### Task to complete:
From the line containing "అను పదములు దిగువ" through the last line, print the records exactly and nothing else.

### Items from a data source:
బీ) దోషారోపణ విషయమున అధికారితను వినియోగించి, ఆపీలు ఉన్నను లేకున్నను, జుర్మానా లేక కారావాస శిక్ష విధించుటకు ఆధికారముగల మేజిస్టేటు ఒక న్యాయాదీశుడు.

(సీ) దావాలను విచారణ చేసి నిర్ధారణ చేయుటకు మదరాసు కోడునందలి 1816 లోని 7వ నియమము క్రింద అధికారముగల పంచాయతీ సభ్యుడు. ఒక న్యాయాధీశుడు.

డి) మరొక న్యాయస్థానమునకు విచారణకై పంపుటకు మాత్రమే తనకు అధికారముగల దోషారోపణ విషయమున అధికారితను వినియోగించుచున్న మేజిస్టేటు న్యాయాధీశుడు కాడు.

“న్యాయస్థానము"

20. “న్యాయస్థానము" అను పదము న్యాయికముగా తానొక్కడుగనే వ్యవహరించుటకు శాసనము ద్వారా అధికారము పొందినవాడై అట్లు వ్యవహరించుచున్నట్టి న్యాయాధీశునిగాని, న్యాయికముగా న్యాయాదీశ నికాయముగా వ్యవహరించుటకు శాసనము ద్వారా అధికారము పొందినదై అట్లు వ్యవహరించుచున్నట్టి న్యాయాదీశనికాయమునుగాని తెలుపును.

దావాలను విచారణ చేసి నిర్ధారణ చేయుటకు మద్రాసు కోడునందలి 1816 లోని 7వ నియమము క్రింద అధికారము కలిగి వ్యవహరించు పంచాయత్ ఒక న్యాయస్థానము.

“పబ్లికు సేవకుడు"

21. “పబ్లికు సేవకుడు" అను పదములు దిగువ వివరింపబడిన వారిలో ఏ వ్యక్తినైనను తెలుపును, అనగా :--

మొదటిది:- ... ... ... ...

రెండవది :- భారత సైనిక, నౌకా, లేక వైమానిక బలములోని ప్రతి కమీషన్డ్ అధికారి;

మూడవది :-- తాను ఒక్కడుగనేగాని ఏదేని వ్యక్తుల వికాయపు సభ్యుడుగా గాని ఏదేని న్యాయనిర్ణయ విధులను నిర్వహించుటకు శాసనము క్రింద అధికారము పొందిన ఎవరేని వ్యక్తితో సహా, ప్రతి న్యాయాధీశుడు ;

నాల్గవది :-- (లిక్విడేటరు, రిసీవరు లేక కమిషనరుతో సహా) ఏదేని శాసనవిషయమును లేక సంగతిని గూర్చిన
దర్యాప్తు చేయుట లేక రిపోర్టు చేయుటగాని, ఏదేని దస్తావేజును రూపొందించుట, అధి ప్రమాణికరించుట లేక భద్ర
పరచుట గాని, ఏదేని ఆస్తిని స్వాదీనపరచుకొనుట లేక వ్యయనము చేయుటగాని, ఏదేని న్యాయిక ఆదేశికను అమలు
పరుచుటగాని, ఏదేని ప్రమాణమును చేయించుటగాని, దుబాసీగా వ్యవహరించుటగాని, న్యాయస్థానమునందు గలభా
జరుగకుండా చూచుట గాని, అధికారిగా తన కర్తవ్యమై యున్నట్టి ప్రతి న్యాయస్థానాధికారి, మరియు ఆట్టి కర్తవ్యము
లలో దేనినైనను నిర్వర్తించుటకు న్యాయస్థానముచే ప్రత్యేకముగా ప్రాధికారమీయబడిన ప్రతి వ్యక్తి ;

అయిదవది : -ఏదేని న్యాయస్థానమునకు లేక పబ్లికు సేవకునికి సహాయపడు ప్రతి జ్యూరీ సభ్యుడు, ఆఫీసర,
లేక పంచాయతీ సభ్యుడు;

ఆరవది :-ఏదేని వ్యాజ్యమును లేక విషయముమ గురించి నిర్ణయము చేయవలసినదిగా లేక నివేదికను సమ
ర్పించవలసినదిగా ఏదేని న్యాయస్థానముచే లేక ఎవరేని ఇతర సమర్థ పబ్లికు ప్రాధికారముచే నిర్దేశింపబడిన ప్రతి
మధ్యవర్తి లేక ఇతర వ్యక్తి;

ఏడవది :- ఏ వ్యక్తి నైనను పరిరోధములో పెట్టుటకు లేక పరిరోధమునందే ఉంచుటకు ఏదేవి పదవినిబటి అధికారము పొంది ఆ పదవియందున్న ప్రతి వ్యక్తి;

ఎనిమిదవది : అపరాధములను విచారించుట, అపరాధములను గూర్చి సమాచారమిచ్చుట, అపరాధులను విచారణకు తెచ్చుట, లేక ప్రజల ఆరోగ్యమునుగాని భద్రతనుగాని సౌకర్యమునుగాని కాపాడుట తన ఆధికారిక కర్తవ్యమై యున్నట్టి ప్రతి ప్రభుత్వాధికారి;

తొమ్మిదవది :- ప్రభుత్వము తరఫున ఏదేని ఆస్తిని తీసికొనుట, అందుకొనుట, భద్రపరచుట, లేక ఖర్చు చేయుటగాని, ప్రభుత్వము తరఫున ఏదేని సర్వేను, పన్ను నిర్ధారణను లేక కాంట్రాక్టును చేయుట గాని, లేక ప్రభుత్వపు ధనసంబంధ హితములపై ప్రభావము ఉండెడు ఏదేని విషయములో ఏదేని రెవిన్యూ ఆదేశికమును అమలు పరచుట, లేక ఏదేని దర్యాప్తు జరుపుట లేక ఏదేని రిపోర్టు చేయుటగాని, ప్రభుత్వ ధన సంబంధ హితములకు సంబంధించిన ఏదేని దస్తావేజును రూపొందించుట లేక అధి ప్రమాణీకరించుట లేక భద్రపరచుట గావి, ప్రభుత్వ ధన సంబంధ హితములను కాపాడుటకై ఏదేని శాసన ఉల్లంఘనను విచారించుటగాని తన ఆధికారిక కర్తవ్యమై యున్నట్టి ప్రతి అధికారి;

### Solution:
21. “పబ్లికు సేవకుడు" అను పదములు దిగువ వివరింపబడిన వారిలో ఏ వ్యక్తినైనను తెలుపును, అనగా :--

మొదటిది:- ... ... ... ...

రెండవది :- భారత సైనిక, నౌకా, లేక వైమానిక బలములోని ప్రతి కమీషన్డ్ అధికారి;

మూడవది :-- తాను ఒక్కడుగనేగాని ఏదేని వ్యక్తుల వికాయపు సభ్యుడుగా గాని ఏదేని న్యాయనిర్ణయ విధులను నిర్వహించుటకు శాసనము క్రింద అధికారము పొందిన ఎవరేని వ్యక్తితో సహా, ప్రతి న్యాయాధీశుడు ;

నాల్గవది :-- (లిక్విడేటరు, రిసీవరు లేక కమిషనరుతో సహా) ఏదేని శాసనవిషయమును లేక సంగతిని గూర్చిన
దర్యాప్తు చేయుట లేక రిపోర్టు చేయుటగాని, ఏదేని దస్తావేజును రూపొందించుట, అధి ప్రమాణికరించుట లేక భద్ర
పరచుట గాని, ఏదేని ఆస్తిని స్వాదీనపరచుకొనుట లేక వ్యయనము చేయుటగాని, ఏదేని న్యాయిక ఆదేశికను అమలు
పరుచుటగాని, ఏదేని ప్రమాణమును చేయించుటగాని, దుబాసీగా వ్యవహరించుటగాని, న్యాయస్థానమునందు గలభా
జరుగకుండా చూచుట గాని, అధికారిగా తన కర్తవ్యమై యున్నట్టి ప్రతి న్యాయస్థానాధికారి, మరియు ఆట్టి కర్తవ్యము
లలో దేనినైనను నిర్వర్తించుటకు న్యాయస్థానముచే ప్రత్యేకముగా ప్రాధికారమీయబడిన ప్రతి వ్యక్తి ;

అయిదవది : -ఏదేని న్యాయస్థానమునకు లేక పబ్లికు సేవకునికి సహాయపడు ప్రతి జ్యూరీ సభ్యుడు, ఆఫీసర,
లేక పంచాయతీ సభ్యుడు;

ఆరవది :-ఏదేని వ్యాజ్యమును లేక విషయముమ గురించి నిర్ణయము చేయవలసినదిగా లేక నివేదికను సమ
ర్పించవలసినదిగా ఏదేని న్యాయస్థానముచే లేక ఎవరేని ఇతర సమర్థ పబ్లికు ప్రాధికారముచే నిర్దేశింపబడిన ప్రతి
మధ్యవర్తి లేక ఇతర వ్యక్తి;

ఏడవది :- ఏ వ్యక్తి నైనను పరిరోధములో పెట్టుటకు లేక పరిరోధమునందే ఉంచుటకు ఏదేవి పదవినిబటి అధికారము పొంది ఆ పదవియందున్న ప్రతి వ్యక్తి;

ఎనిమిదవది : అపరాధములను విచారించుట, అపరాధములను గూర్చి సమాచారమిచ్చుట, అపరాధులను విచారణకు తెచ్చుట, లేక ప్రజల ఆరోగ్యమునుగాని భద్రతనుగాని సౌకర్యమునుగాని కాపాడుట తన ఆధికారిక కర్తవ్యమై యున్నట్టి ప్రతి ప్రభుత్వాధికారి;

తొమ్మిదవది :- ప్రభుత్వము తరఫున ఏదేని ఆస్తిని తీసికొనుట, అందుకొనుట, భద్రపరచుట, లేక ఖర్చు చేయుటగాని, ప్రభుత్వము తరఫున ఏదేని సర్వేను, పన్ను నిర్ధారణను లేక కాంట్రాక్టును చేయుట గాని, లేక ప్రభుత్వపు ధనసంబంధ హితములపై ప్రభావము ఉండెడు ఏదేని విషయములో ఏదేని రెవిన్యూ ఆదేశికమును అమలు పరచుట, లేక ఏదేని దర్యాప్తు జరుపుట లేక ఏదేని రిపోర్టు చేయుటగాని, ప్రభుత్వ ధన సంబంధ హితములకు సంబంధించిన ఏదేని దస్తావేజును రూపొందించుట లేక అధి ప్రమాణీకరించుట లేక భద్రపరచుట గావి, ప్రభుత్వ ధన సంబంధ హితములను కాపాడుటకై ఏదేని శాసన ఉల్లంఘనను విచారించుటగాని తన ఆధికారిక కర్తవ్యమై యున్నట్టి ప్రతి అధికారి;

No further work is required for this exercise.